The problem
What is needed is an exact retyping of each entry, pictures excluded.

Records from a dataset
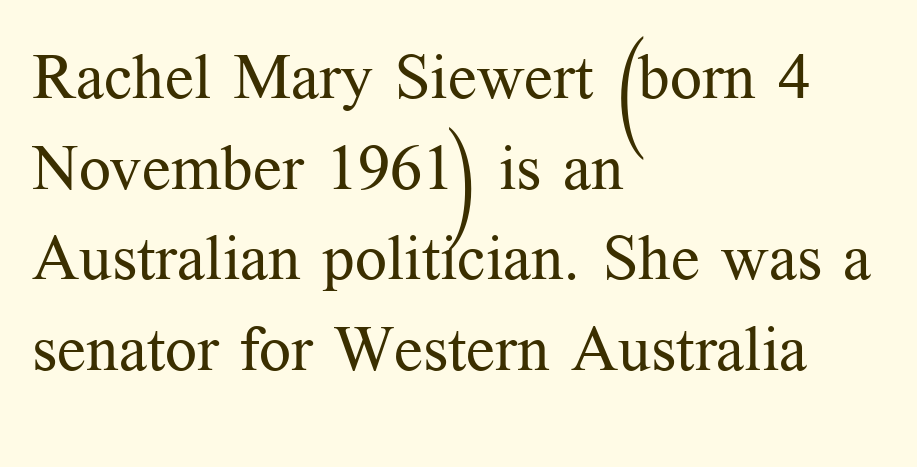
Q: Is the text bold? A: No.
Q: Is the text italic (slanted)? A: No, it is upright.
Q: Is the typeface a serif or a sans-serif typeface? A: Serif.
Q: Is the text underlined? A: No.
Q: How is the paragraph aligned? A: Left-aligned.
Q: Is the spacing between letters normal or unusually wide? A: Normal.
Q: Is the spacing between lines tight, normal or loose? A: Normal.
Q: Width (condensed, normal, or wide)? A: Normal.
Q: Stroke contrast? A: Medium.
Q: x-height? A: Medium.
Q: Monospaced? A: No.
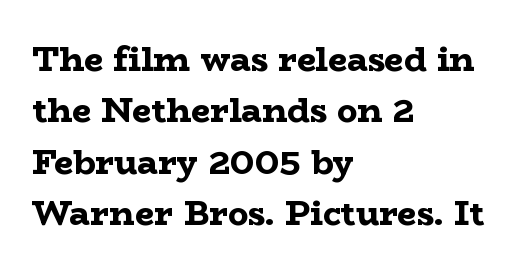
{"serif": "yes", "italic": "no", "bold": "yes", "weight": "bold", "width": "wide", "stroke_contrast": "low", "x_height": "medium", "monospaced": "no", "underline": "no", "align": "left", "line_spacing": "normal", "line_spacing_ratio": 1.51, "letter_spacing": "normal", "letter_spacing_em": 0.0, "glyph_px": 34}
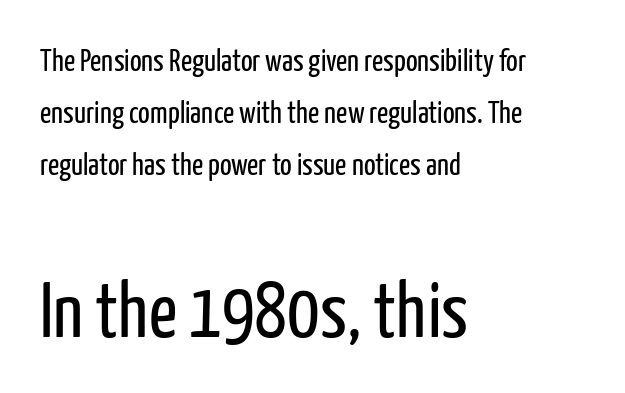
Larger block? The one below; the one above is distinctly smaller. Observe the absence of serifs on each vertical stroke in this sample. The rendering uses natural spacing where letterforms have individual widths. Every stem runs plumb, perpendicular to the baseline. Honestly, the row spacing looks completely unremarkable. Weight class: somewhere from thin through regular.
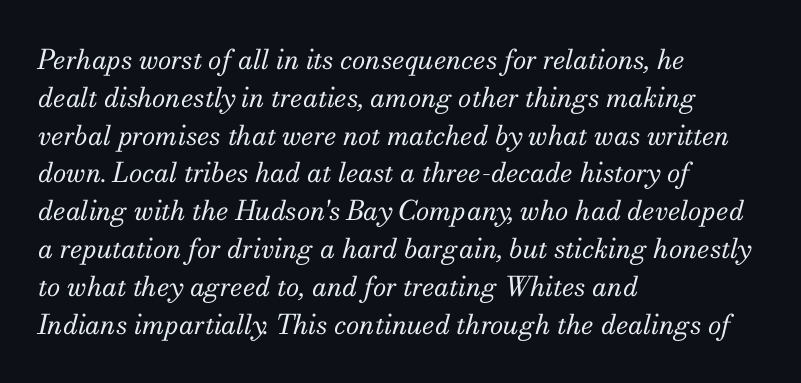
The image shows 27 px text type, italic (leaning right); set left-aligned, normal line spacing (1.4x), normal letter spacing, not underlined.

Answer area
Q: Is the text bold? A: No.
Q: Is the text italic (slanted)? A: No, it is upright.
Q: Is the typeface a serif or a sans-serif typeface? A: Serif.
Q: Is the text underlined? A: No.
Q: How is the paragraph aligned? A: Left-aligned.
Q: Is the spacing between letters normal or unusually wide? A: Normal.
Q: Is the spacing between lines tight, normal or loose? A: Normal.
Q: Width (condensed, normal, or wide)? A: Normal.
Q: Stroke contrast? A: Medium.
Q: x-height? A: Medium.
Q: Monospaced? A: No.
{"serif": "yes", "italic": "no", "bold": "yes", "weight": "bold", "width": "wide", "stroke_contrast": "low", "x_height": "medium", "monospaced": "no", "underline": "no", "align": "left", "line_spacing": "normal", "line_spacing_ratio": 1.51, "letter_spacing": "normal", "letter_spacing_em": 0.0, "glyph_px": 34}
Larger block? The one below; the one above is distinctly smaller. Observe the absence of serifs on each vertical stroke in this sample. The rendering uses natural spacing where letterforms have individual widths. Every stem runs plumb, perpendicular to the baseline. Honestly, the row spacing looks completely unremarkable. Weight class: somewhere from thin through regular.
The image shows 27 px text type, italic (leaning right); set left-aligned, normal line spacing (1.4x), normal letter spacing, not underlined.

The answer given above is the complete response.